Seminar: What Would You Do?: Ethical and Professional Dilemmas for Defence Lawyers
$15.00 – $55.00
11am MST, Friday, 11 February 2022
In this very practical seminar, two senior members of the Bar, Daniel Brown and Daniel Song will be joined by Amy Salyzyn, a Professor of Law, who focuses on ethics to address a host of professional and ethical dilemmas faced by defence lawyers and answer the question: What would you do in this situation?
Daniel Brown is a criminal defence lawyer and lead counsel at Daniel Brown Law LLP, recognized as one of Canada’s 10 best boutique criminal law firms by Canadian Lawyer Magazine. Since his call to the bar, Daniel has devoted his practice to criminal, constitutional and regulatory law and has appeared at every level of court in Ontario and at the Supreme Court of Canada as both an appellant and an intervenor. He is certified by the Law Society of Ontario as a specialist in criminal law and sits as a Vice President of the Criminal Lawyers’ Association (CLA). Outside the courtroom, Daniel mentors young lawyers and frequently lectures at law schools and at continuing legal education programs hosted by the Crown and defence bar.
Daniel practices criminal law in both Alberta and British Columbia as counsel to Pringle Chivers Sparks Teskey. He initially studied Aerospace Engineering at the University of Toronto before completing degrees in English Literature and law at the University of British Columbia. He has argued a broad spectrum of cases in trial and appellate courts, including the Supreme Court of Canada. He also trains in two of the oldest Japanese martial arts, Katori Shinto-Ryu and Eishin-Ryu Iaido.
Amy Salyzyn is an Associate Professor in the Faculty of Law, Common Law Section at the University of Ottawa and a Faculty member of the Centre for Law, Technology and Society.

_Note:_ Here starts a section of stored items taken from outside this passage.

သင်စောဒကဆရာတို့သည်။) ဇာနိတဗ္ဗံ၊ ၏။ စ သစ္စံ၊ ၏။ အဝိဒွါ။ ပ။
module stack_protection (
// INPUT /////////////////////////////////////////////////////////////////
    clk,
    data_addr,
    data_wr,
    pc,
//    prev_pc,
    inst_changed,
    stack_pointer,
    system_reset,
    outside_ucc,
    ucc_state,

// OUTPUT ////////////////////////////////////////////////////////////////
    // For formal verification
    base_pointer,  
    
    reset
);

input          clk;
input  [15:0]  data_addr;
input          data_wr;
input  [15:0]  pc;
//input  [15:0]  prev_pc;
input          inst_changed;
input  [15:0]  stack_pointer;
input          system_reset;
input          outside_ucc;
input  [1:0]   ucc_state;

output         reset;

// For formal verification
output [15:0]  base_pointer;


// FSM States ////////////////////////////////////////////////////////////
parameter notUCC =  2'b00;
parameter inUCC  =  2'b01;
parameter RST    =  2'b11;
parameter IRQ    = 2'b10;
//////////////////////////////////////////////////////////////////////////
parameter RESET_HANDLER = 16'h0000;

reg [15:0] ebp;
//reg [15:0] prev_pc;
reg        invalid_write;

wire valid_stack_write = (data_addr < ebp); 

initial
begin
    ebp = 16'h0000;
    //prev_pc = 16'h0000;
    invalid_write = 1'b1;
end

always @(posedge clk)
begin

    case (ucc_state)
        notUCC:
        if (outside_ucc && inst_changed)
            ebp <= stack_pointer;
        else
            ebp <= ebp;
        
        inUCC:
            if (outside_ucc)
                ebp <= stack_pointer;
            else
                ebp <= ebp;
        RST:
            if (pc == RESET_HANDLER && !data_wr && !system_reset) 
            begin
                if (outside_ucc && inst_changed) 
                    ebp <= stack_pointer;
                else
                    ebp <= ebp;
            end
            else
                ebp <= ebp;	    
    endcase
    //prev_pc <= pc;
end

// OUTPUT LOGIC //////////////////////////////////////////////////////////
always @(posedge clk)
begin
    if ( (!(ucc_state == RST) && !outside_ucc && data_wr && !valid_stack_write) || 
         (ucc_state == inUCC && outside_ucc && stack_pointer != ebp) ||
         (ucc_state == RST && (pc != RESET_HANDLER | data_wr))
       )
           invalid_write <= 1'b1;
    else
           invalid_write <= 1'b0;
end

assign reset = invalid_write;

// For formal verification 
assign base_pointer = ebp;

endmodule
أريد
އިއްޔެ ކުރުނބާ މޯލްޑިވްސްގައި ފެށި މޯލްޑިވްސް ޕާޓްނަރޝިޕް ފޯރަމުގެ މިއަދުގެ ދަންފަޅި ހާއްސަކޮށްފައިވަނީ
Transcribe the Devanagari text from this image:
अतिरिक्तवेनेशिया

She received her J.S.D from Yale Law School for her dissertation exploring the judicial regulation of lawyers in common law jurisdictions. She also received her LL.M. from Yale Law School and her J.D. from the University of Toronto. She has written extensively in the area of legal ethics, lawyer regulation, the use of technology in the delivery of legal services and access to justice. Amy is currently the President of the Canadian Association for Legal Ethics.